# RECORD SET:
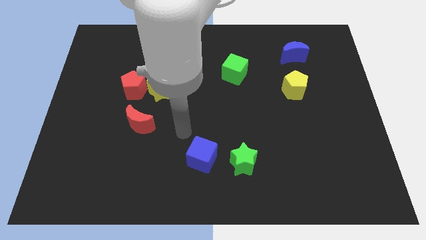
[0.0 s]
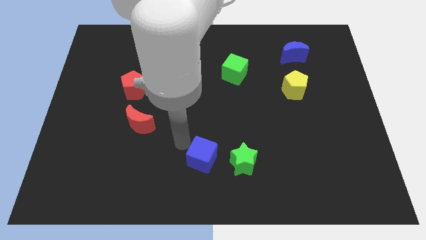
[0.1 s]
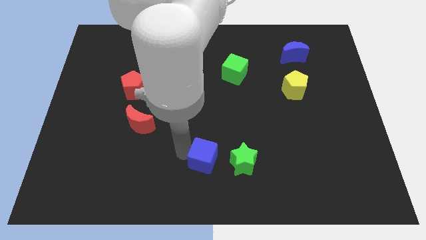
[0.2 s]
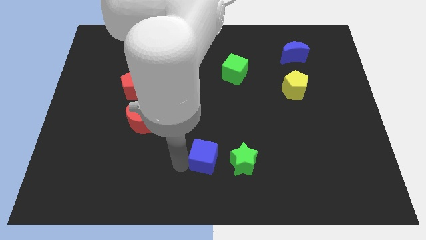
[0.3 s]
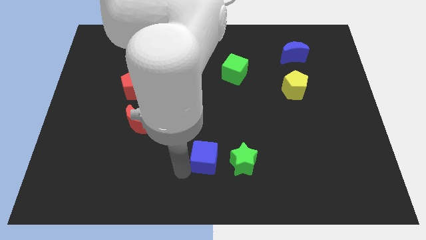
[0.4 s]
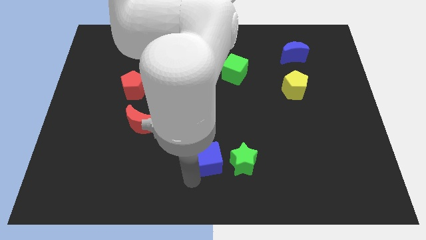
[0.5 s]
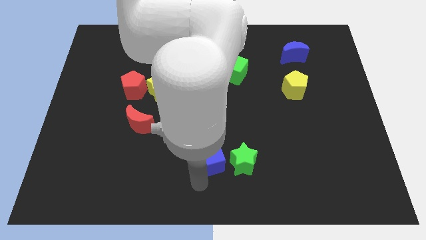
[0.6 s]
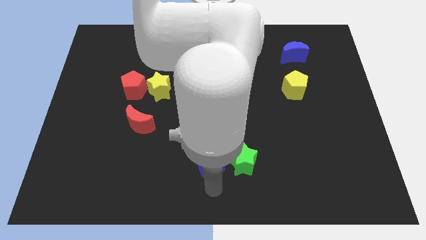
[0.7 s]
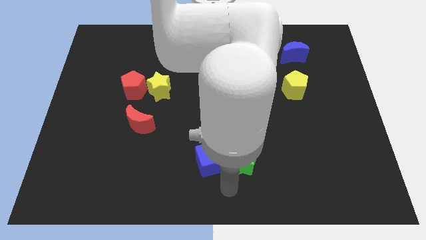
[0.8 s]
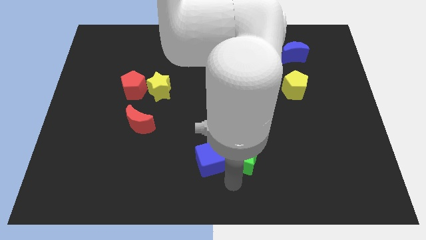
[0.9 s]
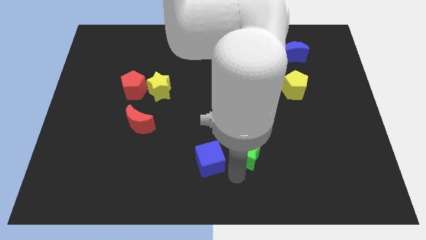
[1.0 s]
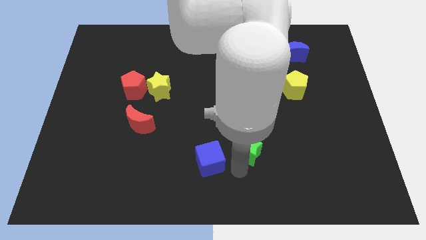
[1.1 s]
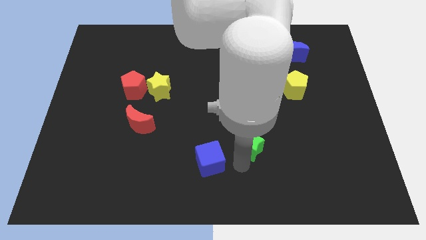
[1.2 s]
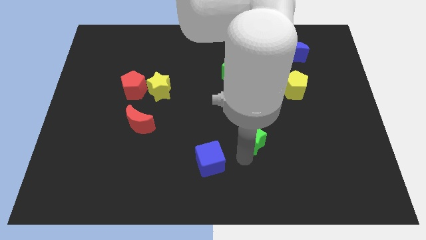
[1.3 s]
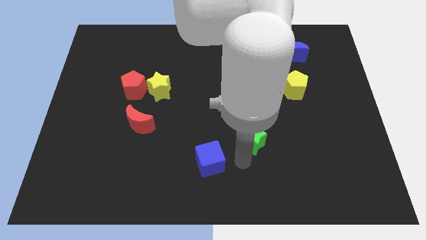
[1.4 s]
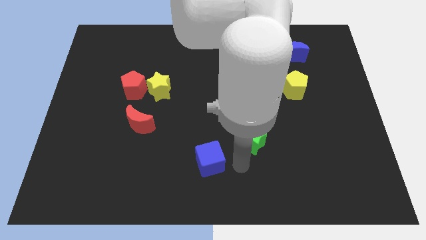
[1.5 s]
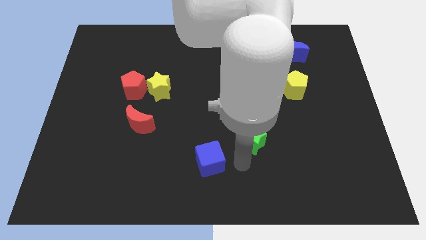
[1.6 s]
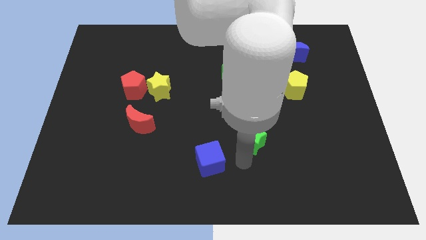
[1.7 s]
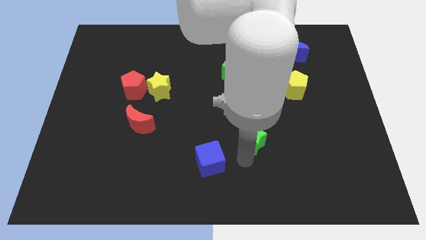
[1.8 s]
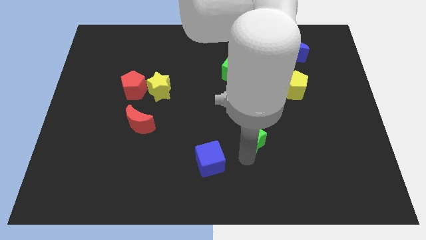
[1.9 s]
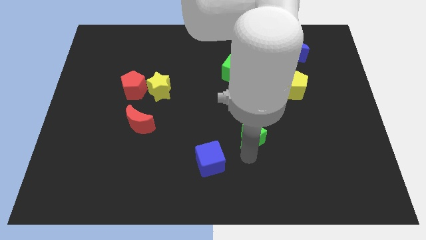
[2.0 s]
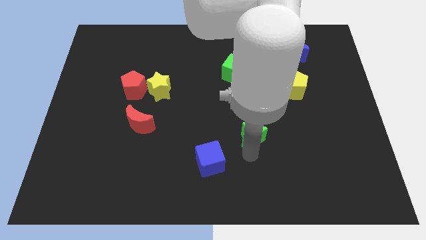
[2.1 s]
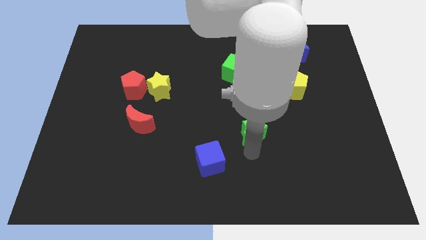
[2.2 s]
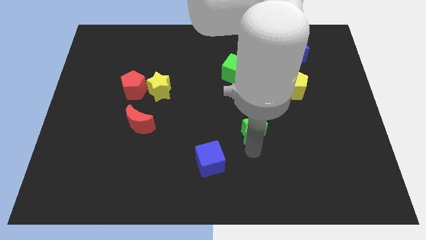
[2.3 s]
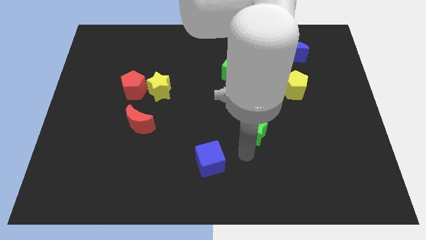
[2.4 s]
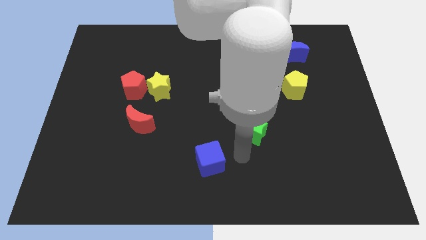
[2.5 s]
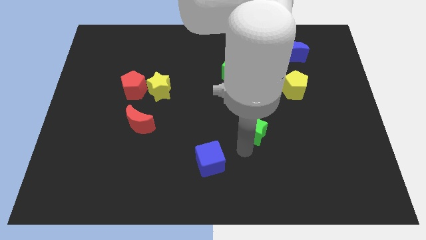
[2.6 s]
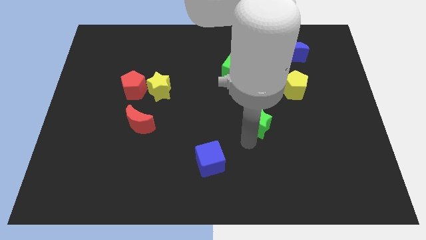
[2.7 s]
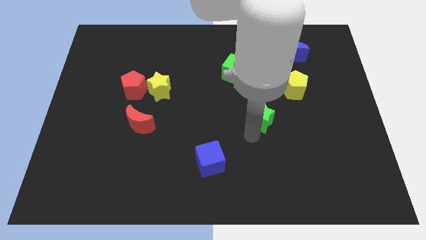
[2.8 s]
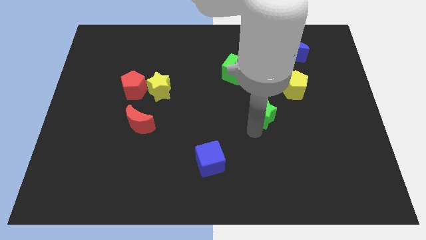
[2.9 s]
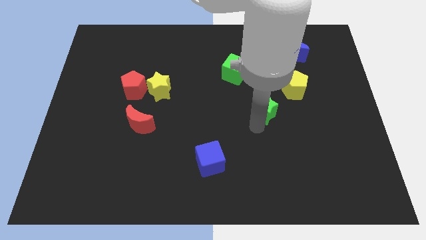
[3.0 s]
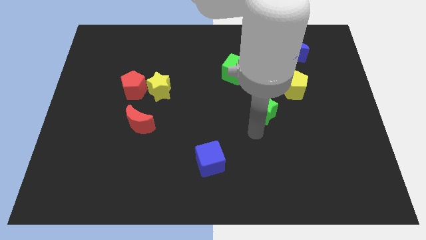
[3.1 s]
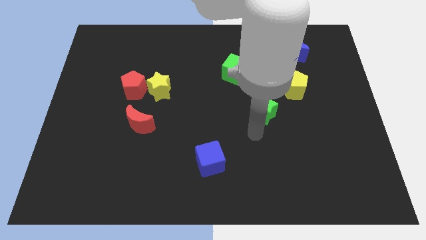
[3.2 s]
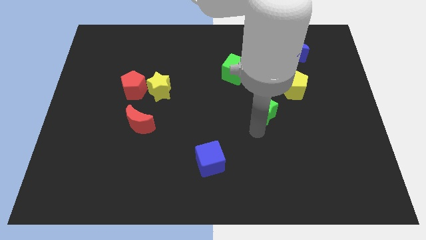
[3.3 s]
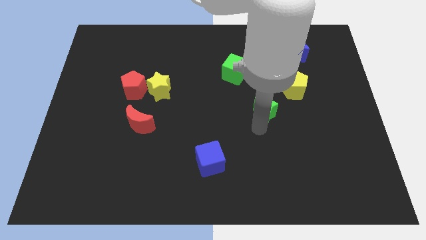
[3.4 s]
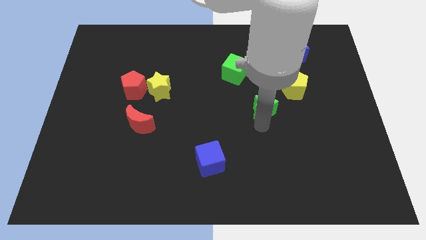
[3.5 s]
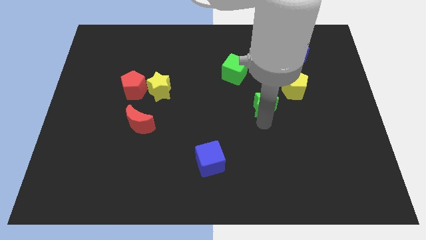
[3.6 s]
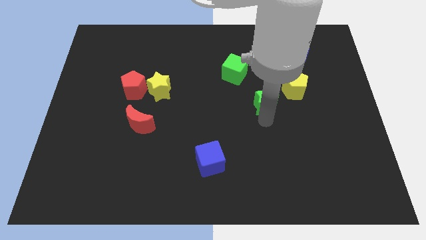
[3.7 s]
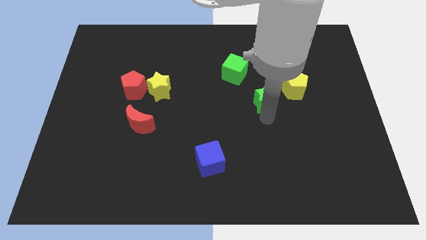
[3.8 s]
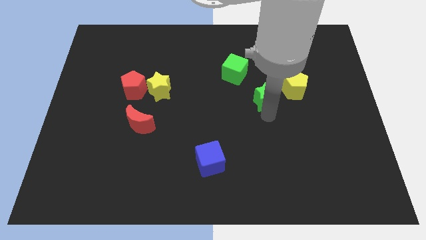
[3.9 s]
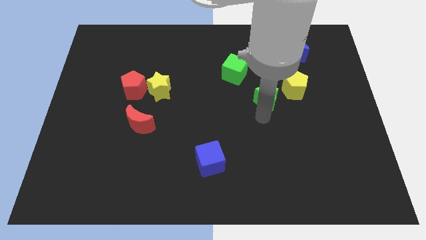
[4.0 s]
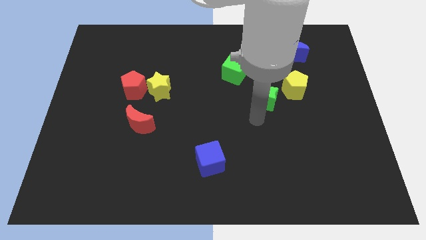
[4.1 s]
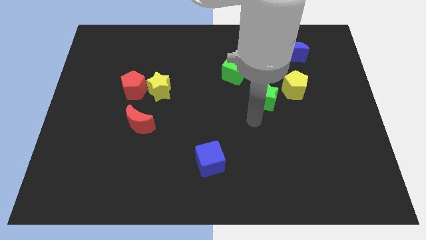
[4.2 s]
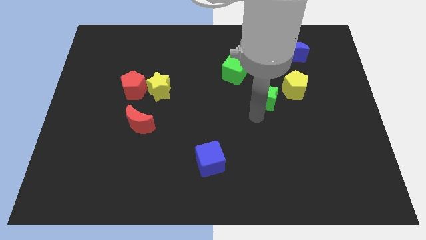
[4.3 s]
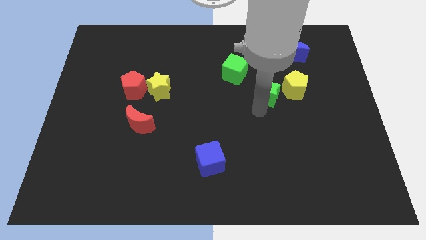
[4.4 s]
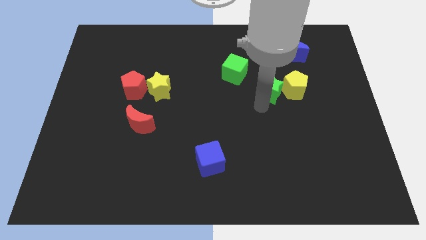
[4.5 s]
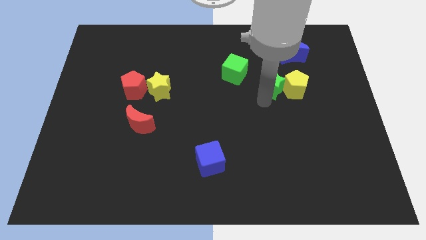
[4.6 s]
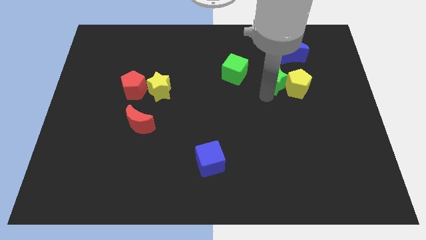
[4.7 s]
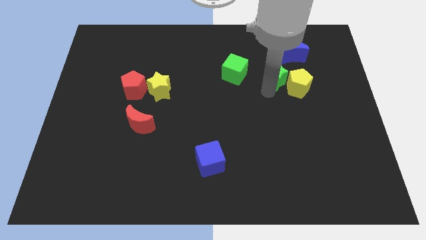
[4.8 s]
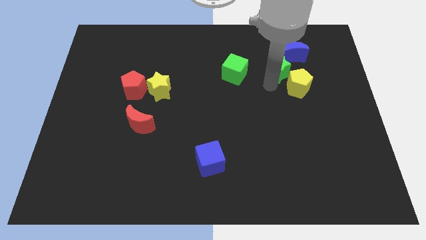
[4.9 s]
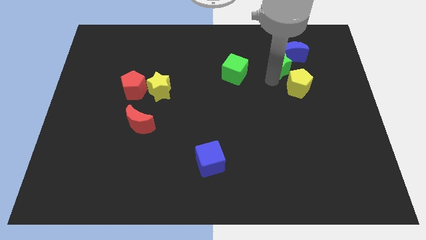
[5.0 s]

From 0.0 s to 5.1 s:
put the green star next to the blue moon

# TASK ITEM:
Pictures stay out; the entries above are to be output exactly as given.

# SOLUTION TO THIS EXERCISE:
[0.0 s]
[0.1 s]
[0.2 s]
[0.3 s]
[0.4 s]
[0.5 s]
[0.6 s]
[0.7 s]
[0.8 s]
[0.9 s]
[1.0 s]
[1.1 s]
[1.2 s]
[1.3 s]
[1.4 s]
[1.5 s]
[1.6 s]
[1.7 s]
[1.8 s]
[1.9 s]
[2.0 s]
[2.1 s]
[2.2 s]
[2.3 s]
[2.4 s]
[2.5 s]
[2.6 s]
[2.7 s]
[2.8 s]
[2.9 s]
[3.0 s]
[3.1 s]
[3.2 s]
[3.3 s]
[3.4 s]
[3.5 s]
[3.6 s]
[3.7 s]
[3.8 s]
[3.9 s]
[4.0 s]
[4.1 s]
[4.2 s]
[4.3 s]
[4.4 s]
[4.5 s]
[4.6 s]
[4.7 s]
[4.8 s]
[4.9 s]
[5.0 s]

From 0.0 s to 5.1 s:
put the green star next to the blue moon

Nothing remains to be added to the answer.